Supplied information Block Start
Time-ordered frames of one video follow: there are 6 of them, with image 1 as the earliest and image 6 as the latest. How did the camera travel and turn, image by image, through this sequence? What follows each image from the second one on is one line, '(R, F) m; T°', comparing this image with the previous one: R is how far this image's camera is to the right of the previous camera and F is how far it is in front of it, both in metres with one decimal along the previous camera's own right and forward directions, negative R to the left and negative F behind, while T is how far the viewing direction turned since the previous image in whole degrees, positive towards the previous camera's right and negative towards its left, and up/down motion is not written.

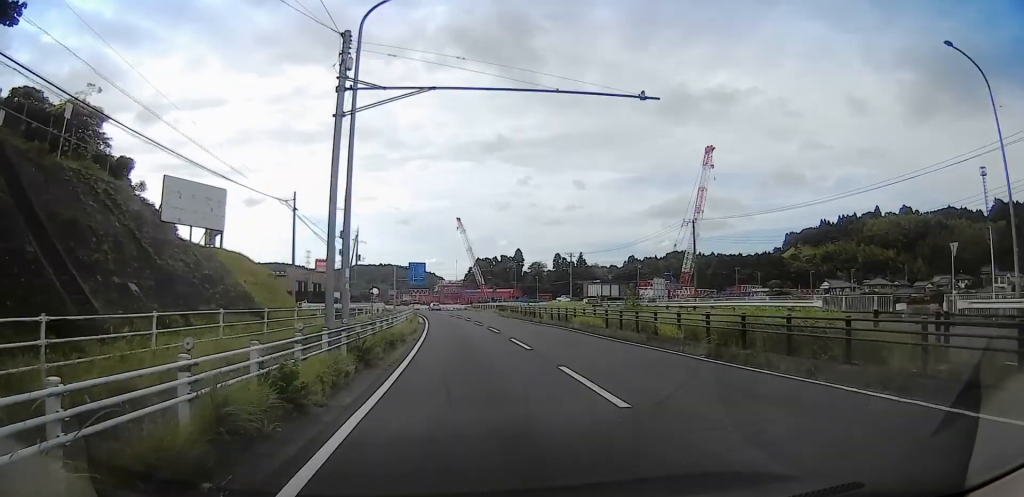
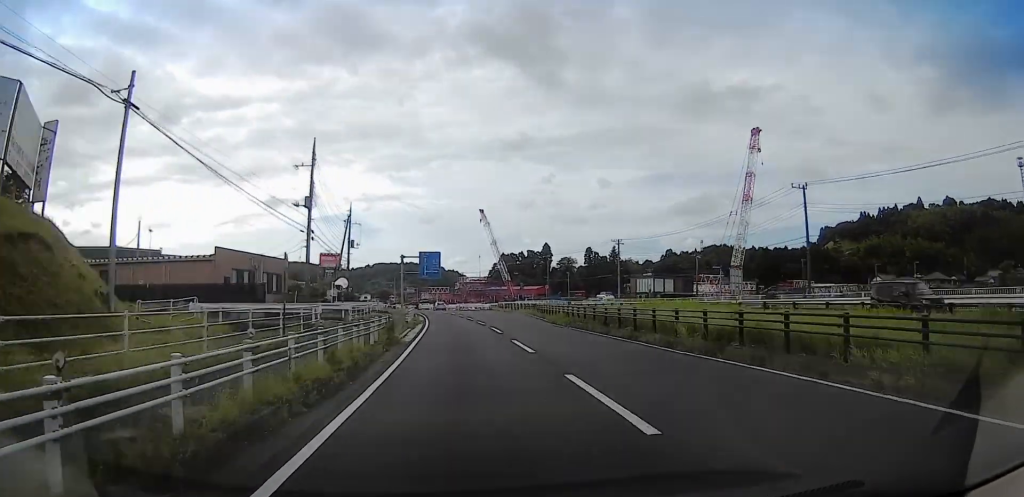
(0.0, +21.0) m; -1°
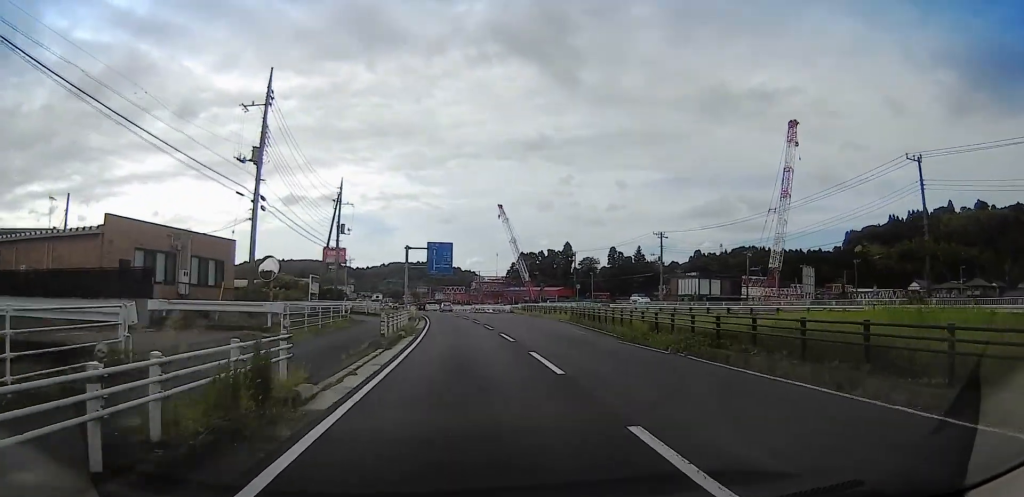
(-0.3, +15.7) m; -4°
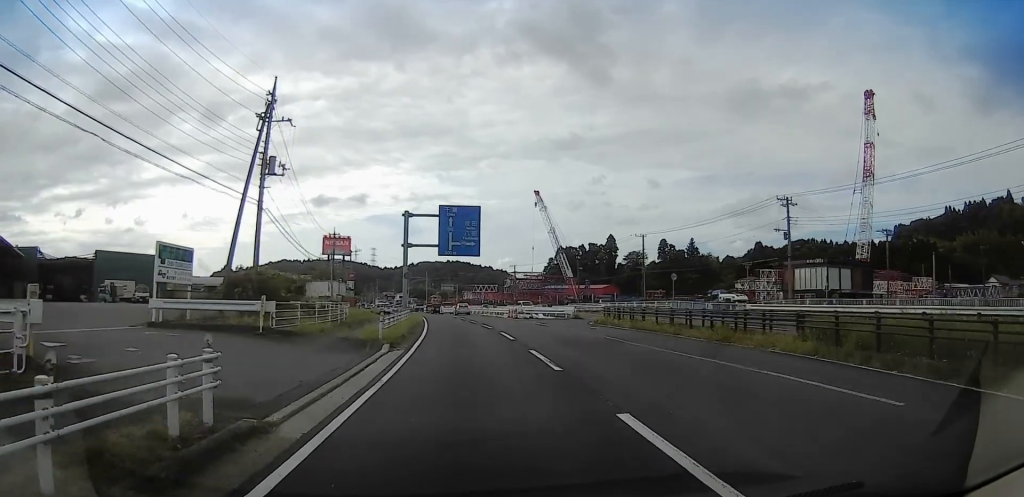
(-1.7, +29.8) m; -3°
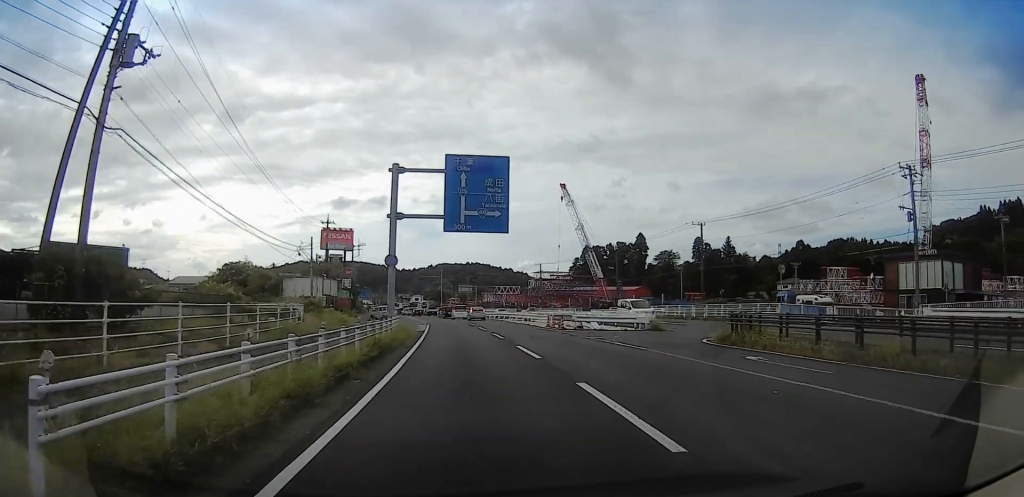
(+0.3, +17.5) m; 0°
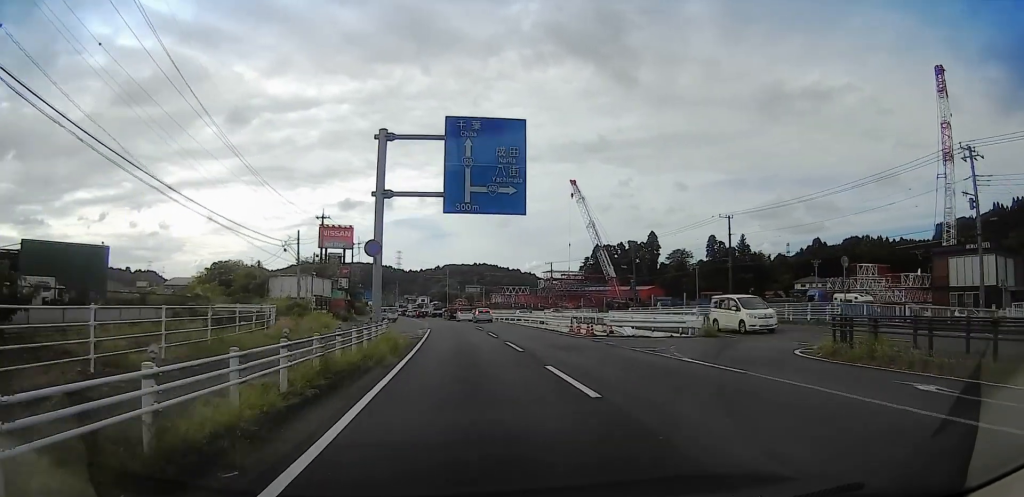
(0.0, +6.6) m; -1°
Supplied information Block End
• _Aim of the exercise_: Print all entries exactly; skip the pictures.

• _Written solution_:
Time-ordered frames of one video follow: there are 6 of them, with image 1 as the earliest and image 6 as the latest. How did the camera travel and turn, image by image, through this sequence? What follows each image from the second one on is one line, '(R, F) m; T°', comparing this image with the previous one: R is how far this image's camera is to the right of the previous camera and F is how far it is in front of it, both in metres with one decimal along the previous camera's own right and forward directions, negative R to the left and negative F behind, while T is how far the viewing direction turned since the previous image in whole degrees, positive towards the previous camera's right and negative towards its left, and up/down motion is not written.

(0.0, +21.0) m; -1°
(-0.3, +15.7) m; -4°
(-1.7, +29.8) m; -3°
(+0.3, +17.5) m; 0°
(0.0, +6.6) m; -1°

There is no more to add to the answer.